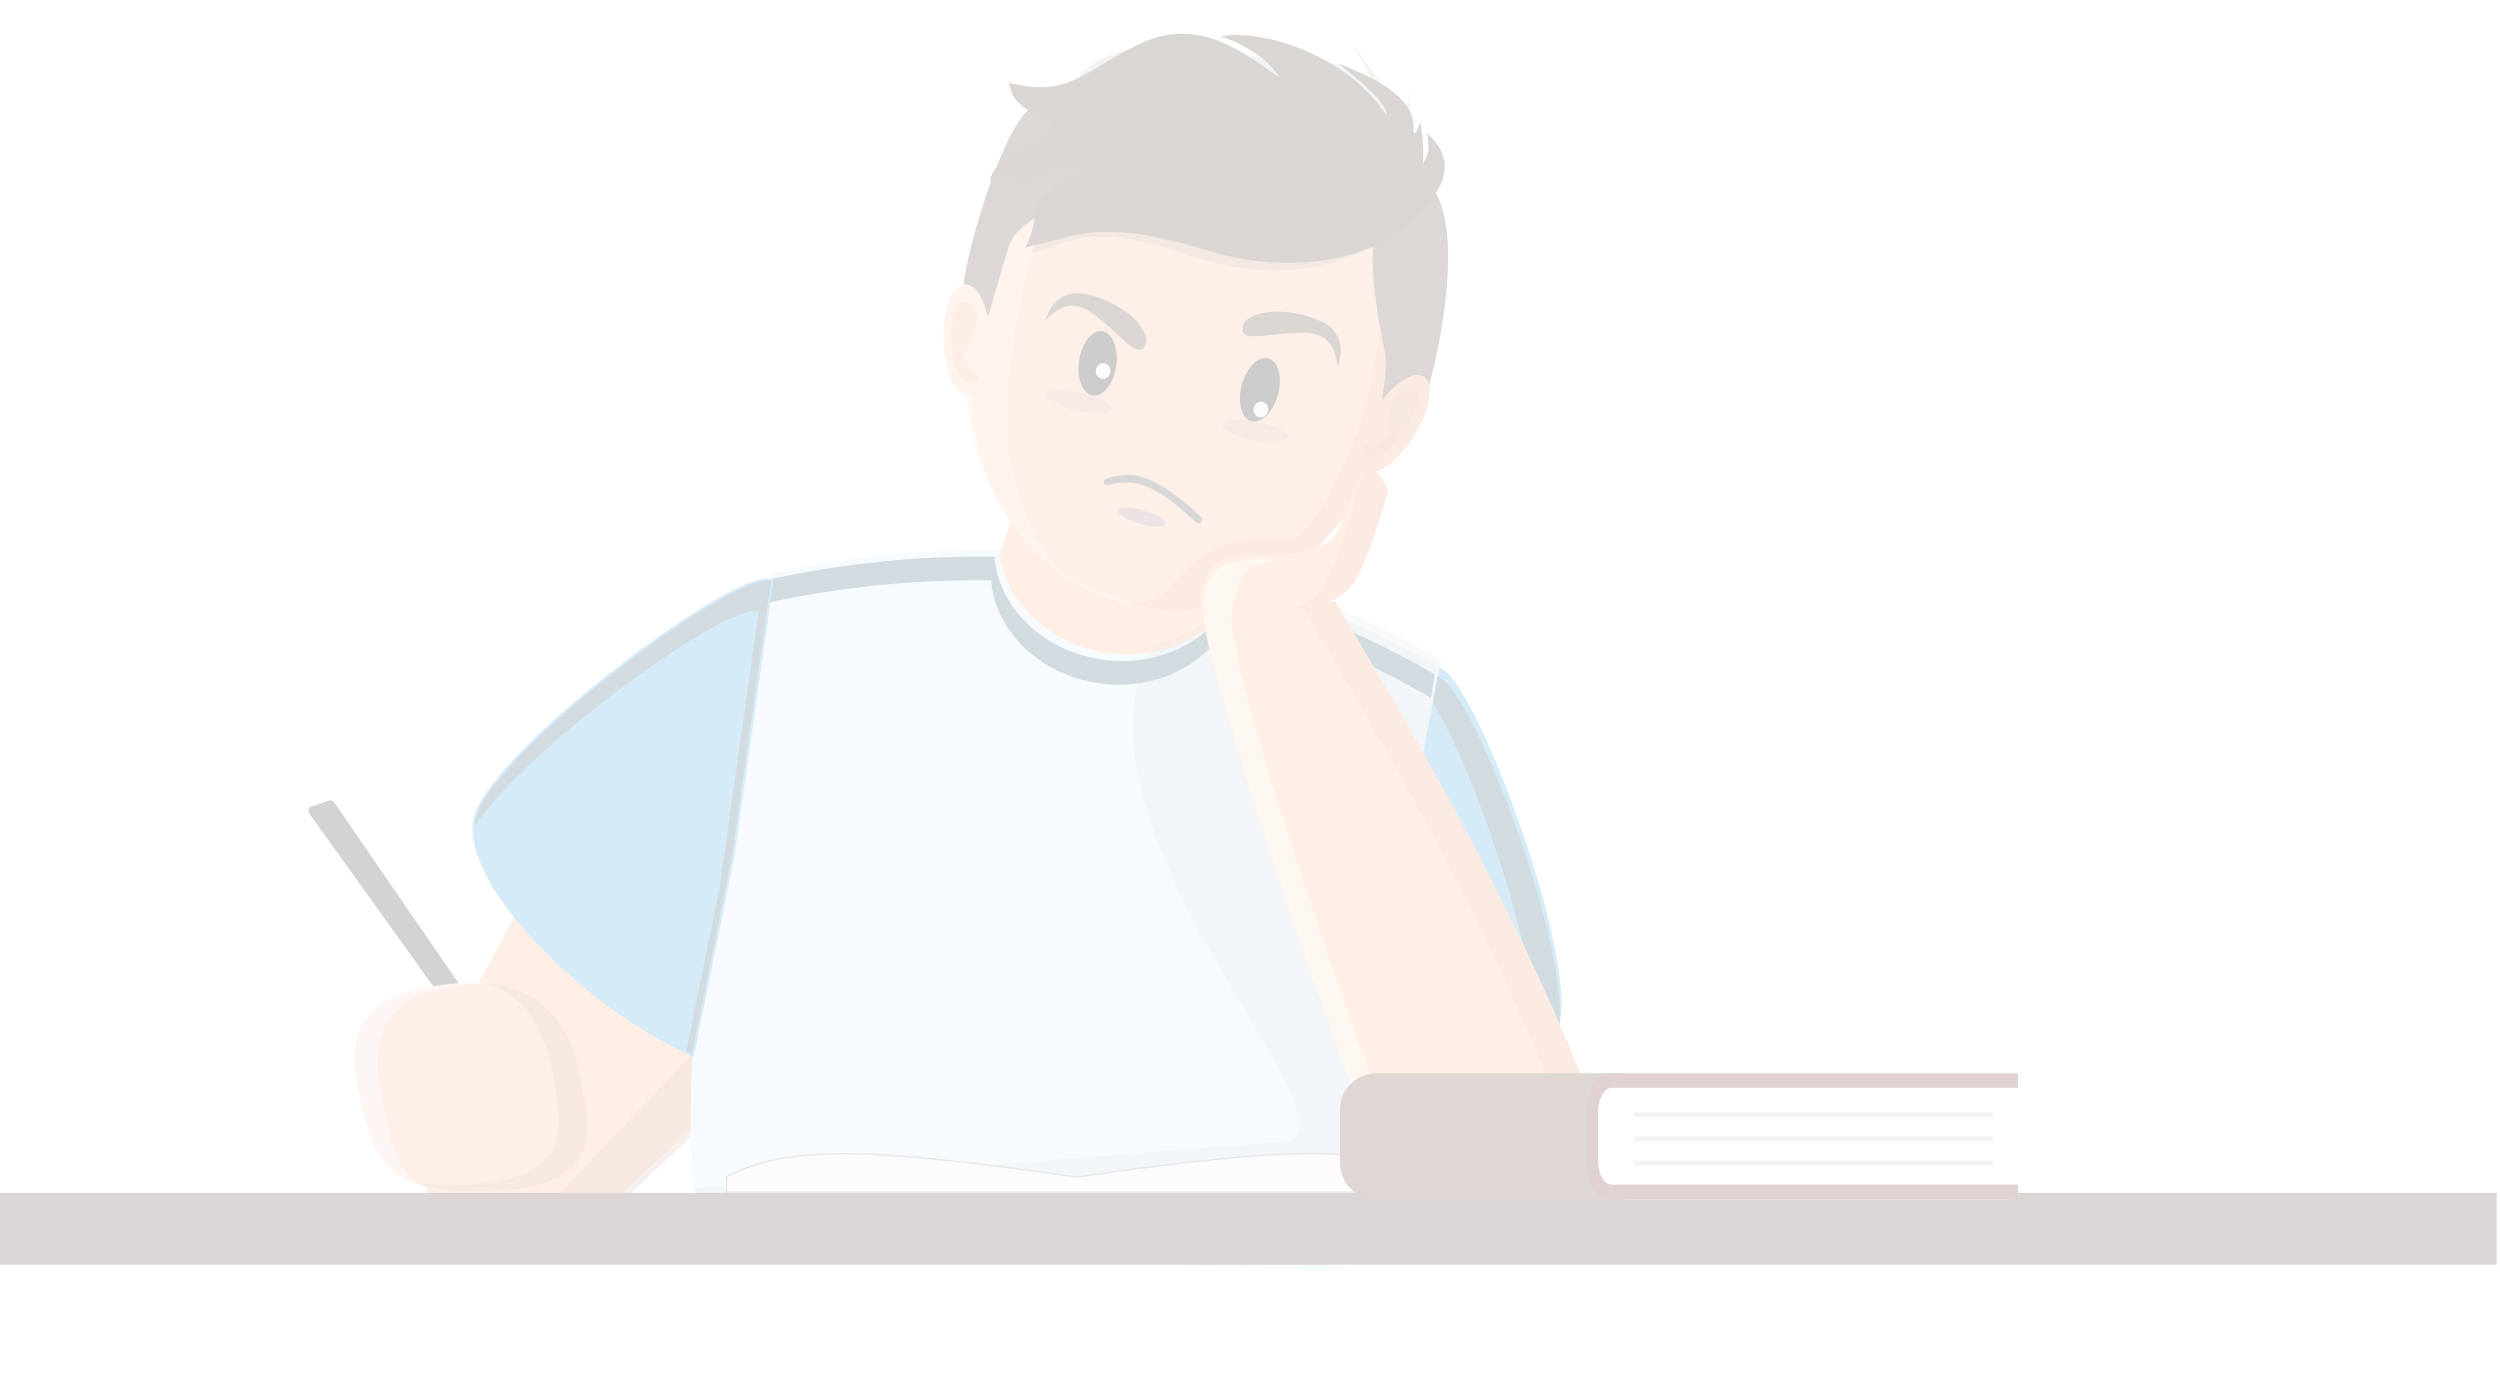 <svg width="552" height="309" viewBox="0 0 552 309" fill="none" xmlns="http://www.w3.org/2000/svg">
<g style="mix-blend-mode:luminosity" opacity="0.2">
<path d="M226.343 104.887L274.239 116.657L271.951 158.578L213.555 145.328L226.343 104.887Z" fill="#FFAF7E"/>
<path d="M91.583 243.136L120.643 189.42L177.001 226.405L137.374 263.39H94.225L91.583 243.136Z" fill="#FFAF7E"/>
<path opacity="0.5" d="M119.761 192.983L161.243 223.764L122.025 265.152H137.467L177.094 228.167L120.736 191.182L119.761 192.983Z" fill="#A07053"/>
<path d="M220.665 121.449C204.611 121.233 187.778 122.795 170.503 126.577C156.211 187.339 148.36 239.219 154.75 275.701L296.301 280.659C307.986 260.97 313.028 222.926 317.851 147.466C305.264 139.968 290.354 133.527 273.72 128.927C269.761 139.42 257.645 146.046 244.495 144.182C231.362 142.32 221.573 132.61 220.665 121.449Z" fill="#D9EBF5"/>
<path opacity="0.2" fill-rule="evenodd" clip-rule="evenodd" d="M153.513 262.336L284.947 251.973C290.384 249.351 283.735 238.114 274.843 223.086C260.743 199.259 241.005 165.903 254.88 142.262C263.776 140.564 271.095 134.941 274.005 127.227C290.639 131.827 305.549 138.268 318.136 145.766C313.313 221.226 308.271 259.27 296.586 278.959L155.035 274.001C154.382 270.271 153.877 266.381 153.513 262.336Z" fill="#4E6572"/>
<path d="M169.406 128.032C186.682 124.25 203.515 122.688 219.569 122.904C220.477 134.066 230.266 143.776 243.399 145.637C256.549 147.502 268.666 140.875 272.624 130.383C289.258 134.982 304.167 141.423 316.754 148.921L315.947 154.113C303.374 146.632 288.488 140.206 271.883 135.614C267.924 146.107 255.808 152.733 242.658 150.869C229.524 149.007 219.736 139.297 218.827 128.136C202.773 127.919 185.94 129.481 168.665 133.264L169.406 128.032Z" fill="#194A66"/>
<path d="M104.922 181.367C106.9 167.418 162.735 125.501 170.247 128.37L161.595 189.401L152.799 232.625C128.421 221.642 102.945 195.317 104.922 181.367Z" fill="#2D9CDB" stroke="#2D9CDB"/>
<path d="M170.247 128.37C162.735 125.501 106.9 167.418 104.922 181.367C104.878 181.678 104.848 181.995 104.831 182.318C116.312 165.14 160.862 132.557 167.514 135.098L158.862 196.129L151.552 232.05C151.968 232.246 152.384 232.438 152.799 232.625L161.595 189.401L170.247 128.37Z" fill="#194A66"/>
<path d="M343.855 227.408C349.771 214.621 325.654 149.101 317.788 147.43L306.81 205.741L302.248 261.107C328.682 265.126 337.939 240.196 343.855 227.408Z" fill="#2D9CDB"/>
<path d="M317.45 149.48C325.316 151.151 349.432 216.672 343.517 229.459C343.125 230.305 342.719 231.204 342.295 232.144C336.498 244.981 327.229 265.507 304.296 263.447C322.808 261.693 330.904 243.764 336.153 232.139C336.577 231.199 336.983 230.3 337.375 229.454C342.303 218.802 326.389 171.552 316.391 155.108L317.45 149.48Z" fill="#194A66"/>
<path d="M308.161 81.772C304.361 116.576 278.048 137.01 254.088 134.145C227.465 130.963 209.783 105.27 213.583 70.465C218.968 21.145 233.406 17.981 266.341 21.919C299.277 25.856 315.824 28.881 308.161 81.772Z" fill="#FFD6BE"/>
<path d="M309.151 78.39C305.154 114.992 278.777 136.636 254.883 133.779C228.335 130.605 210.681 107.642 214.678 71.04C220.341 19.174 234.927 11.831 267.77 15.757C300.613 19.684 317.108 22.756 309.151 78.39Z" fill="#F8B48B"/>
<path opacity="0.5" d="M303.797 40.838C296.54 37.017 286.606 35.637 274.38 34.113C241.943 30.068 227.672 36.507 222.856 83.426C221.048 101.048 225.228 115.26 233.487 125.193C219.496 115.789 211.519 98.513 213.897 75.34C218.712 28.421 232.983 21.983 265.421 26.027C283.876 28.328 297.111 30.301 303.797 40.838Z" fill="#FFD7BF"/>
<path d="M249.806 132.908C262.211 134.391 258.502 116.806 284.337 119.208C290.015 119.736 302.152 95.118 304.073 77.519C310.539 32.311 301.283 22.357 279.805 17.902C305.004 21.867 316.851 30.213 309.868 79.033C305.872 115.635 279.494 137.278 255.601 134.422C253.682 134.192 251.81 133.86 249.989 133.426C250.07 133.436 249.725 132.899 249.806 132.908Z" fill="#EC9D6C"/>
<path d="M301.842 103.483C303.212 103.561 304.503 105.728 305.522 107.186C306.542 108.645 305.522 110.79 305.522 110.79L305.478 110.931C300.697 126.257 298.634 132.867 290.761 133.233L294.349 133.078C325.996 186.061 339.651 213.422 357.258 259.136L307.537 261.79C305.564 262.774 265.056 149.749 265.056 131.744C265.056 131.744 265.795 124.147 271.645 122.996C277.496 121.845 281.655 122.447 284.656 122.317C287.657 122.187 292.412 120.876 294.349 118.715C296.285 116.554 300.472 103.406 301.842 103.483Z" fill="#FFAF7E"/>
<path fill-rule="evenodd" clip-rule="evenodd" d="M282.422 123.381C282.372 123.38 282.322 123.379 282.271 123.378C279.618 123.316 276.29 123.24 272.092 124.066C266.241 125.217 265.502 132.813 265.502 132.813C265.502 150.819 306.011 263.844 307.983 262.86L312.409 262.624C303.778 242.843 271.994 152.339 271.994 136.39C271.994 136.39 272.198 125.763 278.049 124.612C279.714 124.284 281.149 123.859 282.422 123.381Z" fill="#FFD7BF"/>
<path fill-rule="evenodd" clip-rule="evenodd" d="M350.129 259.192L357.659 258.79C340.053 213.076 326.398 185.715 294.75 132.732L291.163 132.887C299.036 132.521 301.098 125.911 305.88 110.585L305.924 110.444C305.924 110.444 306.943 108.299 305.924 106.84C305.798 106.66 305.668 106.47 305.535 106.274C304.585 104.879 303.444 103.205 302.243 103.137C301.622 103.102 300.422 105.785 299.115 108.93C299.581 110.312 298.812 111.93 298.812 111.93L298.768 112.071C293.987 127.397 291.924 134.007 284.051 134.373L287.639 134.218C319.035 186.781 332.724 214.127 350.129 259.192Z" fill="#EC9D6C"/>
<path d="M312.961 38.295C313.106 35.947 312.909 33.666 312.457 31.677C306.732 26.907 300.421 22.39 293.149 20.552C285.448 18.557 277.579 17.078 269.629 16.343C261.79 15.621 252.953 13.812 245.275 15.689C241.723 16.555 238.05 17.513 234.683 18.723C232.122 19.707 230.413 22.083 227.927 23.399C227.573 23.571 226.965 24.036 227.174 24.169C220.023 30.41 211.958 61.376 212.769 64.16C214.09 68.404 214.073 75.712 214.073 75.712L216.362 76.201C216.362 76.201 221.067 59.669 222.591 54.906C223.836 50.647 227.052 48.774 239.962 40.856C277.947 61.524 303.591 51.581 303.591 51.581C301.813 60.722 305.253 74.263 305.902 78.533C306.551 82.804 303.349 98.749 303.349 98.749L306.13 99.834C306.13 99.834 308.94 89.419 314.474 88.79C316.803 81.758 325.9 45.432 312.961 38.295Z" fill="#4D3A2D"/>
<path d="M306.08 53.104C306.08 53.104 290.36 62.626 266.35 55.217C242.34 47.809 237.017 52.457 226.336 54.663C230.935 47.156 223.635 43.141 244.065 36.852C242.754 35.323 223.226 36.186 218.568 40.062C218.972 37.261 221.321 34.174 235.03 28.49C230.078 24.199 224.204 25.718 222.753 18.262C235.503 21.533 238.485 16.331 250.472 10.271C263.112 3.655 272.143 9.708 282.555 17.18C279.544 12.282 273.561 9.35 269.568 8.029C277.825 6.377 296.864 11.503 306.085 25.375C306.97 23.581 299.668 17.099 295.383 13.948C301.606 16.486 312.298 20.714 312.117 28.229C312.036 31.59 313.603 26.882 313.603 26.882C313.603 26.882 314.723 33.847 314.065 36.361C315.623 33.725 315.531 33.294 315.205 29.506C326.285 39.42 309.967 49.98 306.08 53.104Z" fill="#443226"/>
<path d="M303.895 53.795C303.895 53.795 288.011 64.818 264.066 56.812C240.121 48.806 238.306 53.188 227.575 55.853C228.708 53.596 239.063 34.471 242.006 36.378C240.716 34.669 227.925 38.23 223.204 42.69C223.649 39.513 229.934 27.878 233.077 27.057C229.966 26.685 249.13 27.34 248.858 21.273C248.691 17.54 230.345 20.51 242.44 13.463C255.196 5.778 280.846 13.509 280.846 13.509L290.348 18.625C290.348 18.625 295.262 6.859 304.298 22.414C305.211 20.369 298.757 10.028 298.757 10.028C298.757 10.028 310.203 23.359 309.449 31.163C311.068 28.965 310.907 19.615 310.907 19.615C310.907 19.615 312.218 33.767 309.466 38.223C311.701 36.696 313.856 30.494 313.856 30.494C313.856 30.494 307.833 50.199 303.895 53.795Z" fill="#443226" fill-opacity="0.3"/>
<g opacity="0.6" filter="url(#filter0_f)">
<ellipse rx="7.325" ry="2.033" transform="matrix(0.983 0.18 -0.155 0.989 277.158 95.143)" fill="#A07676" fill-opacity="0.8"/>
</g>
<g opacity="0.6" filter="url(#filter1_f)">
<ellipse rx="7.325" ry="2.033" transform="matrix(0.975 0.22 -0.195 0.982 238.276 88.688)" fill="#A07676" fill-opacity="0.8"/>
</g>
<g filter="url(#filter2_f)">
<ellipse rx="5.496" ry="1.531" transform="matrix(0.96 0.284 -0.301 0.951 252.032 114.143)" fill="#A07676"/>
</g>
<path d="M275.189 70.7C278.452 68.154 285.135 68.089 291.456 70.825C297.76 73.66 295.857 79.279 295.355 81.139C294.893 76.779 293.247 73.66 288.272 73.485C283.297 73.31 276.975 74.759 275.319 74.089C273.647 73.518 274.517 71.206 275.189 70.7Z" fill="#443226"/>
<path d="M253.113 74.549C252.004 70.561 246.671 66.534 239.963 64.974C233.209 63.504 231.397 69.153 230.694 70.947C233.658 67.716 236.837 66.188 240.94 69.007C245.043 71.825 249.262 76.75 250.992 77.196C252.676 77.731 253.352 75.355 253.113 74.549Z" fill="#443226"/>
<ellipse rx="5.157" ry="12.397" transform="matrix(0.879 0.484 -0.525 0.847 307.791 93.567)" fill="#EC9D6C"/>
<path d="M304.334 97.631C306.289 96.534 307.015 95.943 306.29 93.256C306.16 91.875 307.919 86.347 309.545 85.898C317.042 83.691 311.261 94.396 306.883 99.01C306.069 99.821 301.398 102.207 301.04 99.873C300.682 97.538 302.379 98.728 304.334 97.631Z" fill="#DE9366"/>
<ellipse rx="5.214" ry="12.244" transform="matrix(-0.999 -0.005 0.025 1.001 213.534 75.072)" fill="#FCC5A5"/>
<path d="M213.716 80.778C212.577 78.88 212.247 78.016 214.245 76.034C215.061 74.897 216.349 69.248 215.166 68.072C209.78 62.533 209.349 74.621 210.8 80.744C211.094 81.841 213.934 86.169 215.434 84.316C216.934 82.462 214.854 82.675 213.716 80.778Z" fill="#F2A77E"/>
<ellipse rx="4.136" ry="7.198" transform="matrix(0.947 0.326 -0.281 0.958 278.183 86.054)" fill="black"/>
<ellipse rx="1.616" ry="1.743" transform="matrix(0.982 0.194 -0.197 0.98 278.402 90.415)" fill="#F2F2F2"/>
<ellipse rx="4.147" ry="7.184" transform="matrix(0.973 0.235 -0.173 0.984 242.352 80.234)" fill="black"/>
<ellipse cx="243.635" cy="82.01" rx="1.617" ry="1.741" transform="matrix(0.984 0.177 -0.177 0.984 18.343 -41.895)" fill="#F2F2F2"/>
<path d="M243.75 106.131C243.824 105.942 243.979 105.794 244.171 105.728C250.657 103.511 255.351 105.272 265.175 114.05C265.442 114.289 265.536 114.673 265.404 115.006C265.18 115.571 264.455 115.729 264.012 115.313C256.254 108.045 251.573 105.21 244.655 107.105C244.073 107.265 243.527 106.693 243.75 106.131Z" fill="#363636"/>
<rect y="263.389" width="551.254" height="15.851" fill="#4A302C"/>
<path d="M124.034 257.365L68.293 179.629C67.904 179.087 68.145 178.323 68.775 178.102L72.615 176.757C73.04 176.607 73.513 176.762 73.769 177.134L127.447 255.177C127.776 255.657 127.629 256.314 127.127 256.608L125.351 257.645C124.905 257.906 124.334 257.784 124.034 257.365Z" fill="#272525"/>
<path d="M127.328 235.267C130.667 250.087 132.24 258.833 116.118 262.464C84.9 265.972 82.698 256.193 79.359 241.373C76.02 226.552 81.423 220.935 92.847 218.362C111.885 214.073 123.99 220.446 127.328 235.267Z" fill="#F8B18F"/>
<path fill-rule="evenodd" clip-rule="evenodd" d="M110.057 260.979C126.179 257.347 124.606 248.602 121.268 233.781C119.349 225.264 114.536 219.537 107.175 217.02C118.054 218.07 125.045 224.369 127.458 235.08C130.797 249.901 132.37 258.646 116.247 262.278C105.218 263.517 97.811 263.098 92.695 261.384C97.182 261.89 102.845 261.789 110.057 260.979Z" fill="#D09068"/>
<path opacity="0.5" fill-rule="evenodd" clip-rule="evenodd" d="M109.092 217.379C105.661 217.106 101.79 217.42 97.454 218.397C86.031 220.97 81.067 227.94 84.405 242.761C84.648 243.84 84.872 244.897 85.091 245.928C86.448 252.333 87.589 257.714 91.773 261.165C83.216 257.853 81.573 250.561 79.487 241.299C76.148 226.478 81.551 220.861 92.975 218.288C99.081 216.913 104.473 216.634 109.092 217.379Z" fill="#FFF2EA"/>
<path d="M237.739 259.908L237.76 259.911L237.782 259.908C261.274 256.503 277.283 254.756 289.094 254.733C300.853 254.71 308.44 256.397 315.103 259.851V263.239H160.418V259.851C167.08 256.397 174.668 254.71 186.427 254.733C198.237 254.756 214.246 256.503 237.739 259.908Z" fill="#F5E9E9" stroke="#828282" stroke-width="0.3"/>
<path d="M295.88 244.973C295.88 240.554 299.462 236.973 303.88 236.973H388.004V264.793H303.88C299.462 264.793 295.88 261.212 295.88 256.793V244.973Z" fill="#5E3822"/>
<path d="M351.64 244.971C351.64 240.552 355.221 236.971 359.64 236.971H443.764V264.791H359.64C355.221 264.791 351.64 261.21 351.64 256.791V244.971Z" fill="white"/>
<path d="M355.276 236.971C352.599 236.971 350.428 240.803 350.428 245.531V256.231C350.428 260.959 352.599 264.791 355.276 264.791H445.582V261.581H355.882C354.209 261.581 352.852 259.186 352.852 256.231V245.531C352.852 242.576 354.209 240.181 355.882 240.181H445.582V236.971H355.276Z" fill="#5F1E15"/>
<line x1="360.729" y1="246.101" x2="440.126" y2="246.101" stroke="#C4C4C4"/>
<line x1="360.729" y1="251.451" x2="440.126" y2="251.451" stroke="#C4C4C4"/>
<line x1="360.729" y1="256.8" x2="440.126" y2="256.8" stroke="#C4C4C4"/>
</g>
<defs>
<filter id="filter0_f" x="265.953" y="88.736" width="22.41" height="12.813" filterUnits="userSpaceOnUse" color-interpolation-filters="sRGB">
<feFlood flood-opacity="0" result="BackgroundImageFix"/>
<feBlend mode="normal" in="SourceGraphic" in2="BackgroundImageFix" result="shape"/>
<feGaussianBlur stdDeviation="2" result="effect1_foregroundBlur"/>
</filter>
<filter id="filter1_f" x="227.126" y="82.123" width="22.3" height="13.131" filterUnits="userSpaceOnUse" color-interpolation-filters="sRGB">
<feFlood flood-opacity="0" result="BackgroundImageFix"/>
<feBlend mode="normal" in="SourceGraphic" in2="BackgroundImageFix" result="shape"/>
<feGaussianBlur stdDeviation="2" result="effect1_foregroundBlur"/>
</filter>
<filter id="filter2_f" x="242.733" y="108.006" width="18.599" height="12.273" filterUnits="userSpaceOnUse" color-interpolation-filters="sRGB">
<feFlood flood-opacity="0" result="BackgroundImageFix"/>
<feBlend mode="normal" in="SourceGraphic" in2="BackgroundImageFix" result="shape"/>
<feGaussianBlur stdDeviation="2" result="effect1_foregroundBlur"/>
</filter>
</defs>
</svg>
————
REQUIRED WORK —
Each line in the listing above from the one containing "257.365L68.293 179.629C67.904 179.087" through the one containing "260.979C126.179 257.347 124.606" should be repeated exactly, and no other line.

RESULT OF THE EXERCISE —
<path d="M124.034 257.365L68.293 179.629C67.904 179.087 68.145 178.323 68.775 178.102L72.615 176.757C73.04 176.607 73.513 176.762 73.769 177.134L127.447 255.177C127.776 255.657 127.629 256.314 127.127 256.608L125.351 257.645C124.905 257.906 124.334 257.784 124.034 257.365Z" fill="#272525"/>
<path d="M127.328 235.267C130.667 250.087 132.24 258.833 116.118 262.464C84.9 265.972 82.698 256.193 79.359 241.373C76.02 226.552 81.423 220.935 92.847 218.362C111.885 214.073 123.99 220.446 127.328 235.267Z" fill="#F8B18F"/>
<path fill-rule="evenodd" clip-rule="evenodd" d="M110.057 260.979C126.179 257.347 124.606 248.602 121.268 233.781C119.349 225.264 114.536 219.537 107.175 217.02C118.054 218.07 125.045 224.369 127.458 235.08C130.797 249.901 132.37 258.646 116.247 262.278C105.218 263.517 97.811 263.098 92.695 261.384C97.182 261.89 102.845 261.789 110.057 260.979Z" fill="#D09068"/>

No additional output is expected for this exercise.